World's Smallest Police Station

Carrabelle is the home of the "World's Smallest Police Station", which came into being on March 10, 1963. The city had been having problems with tourists making unauthorized long-distance phone calls on its police phone. The phone was located in a call box that was bolted to a building at the corner of U.S. 98 and Tallahassee Street. Johnnie Mirabella, St. Joe Telephone's lone Carrabelle employee at the time, first tried moving the call box to another building, but the illegal calls continued.

Mirabella noticed that the policeman would get drenched while answering phone calls when it was raining. So when the telephone company decided to replace its worn-out phone booth in front of Burda's Pharmacy, he decided to solve both problems at once by putting the police phone in the old booth.
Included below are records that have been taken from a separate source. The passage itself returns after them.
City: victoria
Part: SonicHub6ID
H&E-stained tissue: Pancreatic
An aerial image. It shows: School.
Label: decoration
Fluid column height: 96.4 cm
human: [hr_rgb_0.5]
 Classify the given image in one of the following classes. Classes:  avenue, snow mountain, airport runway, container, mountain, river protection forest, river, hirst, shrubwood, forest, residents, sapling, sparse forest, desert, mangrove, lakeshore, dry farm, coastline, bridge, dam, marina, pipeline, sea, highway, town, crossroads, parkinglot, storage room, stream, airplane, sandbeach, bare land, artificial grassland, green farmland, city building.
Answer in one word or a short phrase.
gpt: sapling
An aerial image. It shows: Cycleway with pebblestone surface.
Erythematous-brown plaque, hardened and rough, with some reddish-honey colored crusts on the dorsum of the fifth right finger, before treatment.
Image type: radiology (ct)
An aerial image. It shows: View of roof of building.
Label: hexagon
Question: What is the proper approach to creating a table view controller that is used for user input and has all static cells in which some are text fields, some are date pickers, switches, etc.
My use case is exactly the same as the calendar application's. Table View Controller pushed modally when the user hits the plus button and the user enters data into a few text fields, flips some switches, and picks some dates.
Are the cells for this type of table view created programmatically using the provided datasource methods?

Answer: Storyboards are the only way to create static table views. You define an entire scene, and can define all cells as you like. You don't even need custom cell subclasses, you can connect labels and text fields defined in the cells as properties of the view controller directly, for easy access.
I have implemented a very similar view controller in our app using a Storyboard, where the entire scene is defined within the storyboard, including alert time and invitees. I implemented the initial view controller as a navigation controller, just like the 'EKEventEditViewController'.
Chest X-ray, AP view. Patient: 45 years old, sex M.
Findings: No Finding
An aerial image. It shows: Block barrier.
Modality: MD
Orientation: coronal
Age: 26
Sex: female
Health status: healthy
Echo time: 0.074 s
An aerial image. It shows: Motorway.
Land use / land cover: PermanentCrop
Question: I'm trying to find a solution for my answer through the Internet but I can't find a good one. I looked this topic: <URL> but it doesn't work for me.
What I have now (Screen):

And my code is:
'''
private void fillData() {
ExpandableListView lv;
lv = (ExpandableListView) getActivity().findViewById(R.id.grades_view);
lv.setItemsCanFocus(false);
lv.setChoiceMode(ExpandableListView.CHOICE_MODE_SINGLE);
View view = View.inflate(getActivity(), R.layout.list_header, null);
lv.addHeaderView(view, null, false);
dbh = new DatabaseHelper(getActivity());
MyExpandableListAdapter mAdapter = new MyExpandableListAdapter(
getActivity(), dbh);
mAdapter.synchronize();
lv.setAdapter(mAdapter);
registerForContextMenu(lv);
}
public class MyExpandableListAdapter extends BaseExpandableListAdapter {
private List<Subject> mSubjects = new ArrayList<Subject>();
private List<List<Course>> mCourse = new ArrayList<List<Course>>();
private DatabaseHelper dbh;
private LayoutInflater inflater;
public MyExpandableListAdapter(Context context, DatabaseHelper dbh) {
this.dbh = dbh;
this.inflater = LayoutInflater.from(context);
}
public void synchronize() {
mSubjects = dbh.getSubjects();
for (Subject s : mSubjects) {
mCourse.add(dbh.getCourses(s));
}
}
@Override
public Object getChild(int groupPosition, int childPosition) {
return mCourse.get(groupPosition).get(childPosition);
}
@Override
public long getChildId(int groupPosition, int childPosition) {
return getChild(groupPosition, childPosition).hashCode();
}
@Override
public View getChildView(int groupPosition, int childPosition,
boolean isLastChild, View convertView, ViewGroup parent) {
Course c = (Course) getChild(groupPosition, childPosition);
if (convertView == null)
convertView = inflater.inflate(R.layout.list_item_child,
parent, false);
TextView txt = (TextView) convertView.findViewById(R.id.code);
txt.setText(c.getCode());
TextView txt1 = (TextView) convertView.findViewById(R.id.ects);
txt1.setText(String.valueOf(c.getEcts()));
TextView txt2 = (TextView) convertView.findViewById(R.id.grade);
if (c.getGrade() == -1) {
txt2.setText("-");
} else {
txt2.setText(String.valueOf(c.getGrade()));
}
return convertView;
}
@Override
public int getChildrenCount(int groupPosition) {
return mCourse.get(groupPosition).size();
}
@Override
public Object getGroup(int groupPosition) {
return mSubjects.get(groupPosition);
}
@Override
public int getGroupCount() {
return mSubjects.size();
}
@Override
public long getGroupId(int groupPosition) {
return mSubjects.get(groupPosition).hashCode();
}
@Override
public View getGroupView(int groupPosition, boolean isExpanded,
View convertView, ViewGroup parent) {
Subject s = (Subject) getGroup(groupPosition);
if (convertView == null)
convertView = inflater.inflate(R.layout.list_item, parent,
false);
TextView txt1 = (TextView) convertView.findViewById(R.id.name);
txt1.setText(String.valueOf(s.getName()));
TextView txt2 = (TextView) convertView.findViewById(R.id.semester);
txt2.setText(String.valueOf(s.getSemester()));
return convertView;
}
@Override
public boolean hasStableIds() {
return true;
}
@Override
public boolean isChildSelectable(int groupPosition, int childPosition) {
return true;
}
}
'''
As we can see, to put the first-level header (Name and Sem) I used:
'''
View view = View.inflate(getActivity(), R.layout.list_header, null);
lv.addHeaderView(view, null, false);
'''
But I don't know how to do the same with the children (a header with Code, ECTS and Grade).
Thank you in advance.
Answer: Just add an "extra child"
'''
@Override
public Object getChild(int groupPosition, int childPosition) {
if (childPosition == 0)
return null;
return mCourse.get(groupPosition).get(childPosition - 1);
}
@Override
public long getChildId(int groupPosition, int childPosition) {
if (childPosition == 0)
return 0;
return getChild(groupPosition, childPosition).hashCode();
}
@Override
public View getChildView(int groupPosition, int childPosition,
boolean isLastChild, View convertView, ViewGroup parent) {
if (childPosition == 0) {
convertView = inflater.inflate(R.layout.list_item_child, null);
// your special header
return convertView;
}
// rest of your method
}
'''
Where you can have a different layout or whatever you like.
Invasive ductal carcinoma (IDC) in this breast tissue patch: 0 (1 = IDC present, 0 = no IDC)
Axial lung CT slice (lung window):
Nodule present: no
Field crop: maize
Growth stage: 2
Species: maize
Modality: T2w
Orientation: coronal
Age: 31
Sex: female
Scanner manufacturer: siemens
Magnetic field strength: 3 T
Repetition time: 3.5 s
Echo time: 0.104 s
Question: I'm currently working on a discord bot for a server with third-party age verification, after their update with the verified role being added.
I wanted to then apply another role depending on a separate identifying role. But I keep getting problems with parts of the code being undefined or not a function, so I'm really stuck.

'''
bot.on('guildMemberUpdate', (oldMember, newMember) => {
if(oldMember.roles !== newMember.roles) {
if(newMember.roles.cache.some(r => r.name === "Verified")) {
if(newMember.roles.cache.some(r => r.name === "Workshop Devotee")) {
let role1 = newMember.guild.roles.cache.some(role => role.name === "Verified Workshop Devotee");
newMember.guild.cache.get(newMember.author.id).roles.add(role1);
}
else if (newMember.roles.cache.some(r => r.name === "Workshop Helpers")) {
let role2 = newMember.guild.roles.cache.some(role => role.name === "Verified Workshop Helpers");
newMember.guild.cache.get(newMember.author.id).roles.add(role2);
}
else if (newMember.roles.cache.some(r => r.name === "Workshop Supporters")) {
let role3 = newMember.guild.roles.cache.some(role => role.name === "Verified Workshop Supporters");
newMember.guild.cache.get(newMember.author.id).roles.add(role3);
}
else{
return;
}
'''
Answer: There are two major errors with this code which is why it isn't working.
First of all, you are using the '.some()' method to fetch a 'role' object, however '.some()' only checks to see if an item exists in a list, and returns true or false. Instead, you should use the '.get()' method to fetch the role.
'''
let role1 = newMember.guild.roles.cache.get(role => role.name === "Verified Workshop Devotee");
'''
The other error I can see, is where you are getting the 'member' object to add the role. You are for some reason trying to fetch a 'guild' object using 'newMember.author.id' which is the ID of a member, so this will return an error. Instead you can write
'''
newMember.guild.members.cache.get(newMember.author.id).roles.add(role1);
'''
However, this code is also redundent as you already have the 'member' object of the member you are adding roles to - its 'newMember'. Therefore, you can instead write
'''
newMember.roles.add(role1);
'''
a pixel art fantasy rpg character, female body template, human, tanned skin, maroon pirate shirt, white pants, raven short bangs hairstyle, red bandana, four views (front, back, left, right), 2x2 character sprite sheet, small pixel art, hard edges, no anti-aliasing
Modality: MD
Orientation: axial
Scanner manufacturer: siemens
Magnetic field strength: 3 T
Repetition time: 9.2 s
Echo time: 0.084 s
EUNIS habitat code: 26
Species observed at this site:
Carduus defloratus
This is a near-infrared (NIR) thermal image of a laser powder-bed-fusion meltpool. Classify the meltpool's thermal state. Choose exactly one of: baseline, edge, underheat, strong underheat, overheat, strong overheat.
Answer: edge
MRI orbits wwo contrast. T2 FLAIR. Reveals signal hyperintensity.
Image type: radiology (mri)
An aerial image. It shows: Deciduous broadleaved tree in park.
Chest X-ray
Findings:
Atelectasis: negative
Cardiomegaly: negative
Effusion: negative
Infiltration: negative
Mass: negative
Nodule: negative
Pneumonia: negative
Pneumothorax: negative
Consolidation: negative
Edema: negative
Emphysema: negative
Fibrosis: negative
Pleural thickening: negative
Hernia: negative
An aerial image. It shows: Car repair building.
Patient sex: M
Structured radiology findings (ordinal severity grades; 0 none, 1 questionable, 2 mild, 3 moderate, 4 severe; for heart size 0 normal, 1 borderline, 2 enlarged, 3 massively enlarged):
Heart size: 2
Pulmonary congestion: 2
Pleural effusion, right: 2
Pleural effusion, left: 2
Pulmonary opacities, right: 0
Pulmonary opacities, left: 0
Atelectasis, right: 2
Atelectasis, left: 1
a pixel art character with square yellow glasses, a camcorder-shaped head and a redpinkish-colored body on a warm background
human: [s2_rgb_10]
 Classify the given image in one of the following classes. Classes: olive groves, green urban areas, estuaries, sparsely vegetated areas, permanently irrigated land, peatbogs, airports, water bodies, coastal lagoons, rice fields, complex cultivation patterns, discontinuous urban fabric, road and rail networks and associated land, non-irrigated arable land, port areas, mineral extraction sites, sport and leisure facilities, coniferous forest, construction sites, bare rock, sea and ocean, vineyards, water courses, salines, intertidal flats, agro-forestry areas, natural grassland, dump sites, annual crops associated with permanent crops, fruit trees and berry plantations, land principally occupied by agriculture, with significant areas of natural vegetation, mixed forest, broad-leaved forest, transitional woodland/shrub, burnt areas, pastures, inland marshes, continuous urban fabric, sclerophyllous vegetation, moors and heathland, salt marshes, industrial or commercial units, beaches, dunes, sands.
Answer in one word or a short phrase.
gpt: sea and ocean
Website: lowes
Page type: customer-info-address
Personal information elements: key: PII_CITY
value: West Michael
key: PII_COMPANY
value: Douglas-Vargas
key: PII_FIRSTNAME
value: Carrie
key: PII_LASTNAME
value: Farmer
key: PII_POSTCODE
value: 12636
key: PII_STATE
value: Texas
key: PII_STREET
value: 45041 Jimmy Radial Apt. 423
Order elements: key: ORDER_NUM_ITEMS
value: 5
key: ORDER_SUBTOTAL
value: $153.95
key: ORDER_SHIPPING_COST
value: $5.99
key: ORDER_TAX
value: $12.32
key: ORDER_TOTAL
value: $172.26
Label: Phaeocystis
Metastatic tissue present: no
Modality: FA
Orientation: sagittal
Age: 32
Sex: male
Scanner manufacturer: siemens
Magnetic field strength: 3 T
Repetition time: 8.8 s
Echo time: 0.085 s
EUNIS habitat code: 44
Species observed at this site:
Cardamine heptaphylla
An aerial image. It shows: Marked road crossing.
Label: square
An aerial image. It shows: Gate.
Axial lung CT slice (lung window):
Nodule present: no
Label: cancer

With the help of Curly Messer, who was a deputy sheriff at the time, Mirabella moved the phone booth to its current site on U.S. 98. The booth did protect the officers from the elements, but some people still sneaked into it to make long-distance calls. Eventually the dial was removed from the phone, making it impossible for tourists to make calls.

It has been featured on television shows Real People, Ripley's Believe It or Not!, The Today Show, and The Tonight Show Starring Johnny Carson. It was featured in the movie Tate's Hell, which was produced at Florida State University. Along with police station T-shirts—the design is copyrighted—there are police station hats, visors, postcards, and calendars.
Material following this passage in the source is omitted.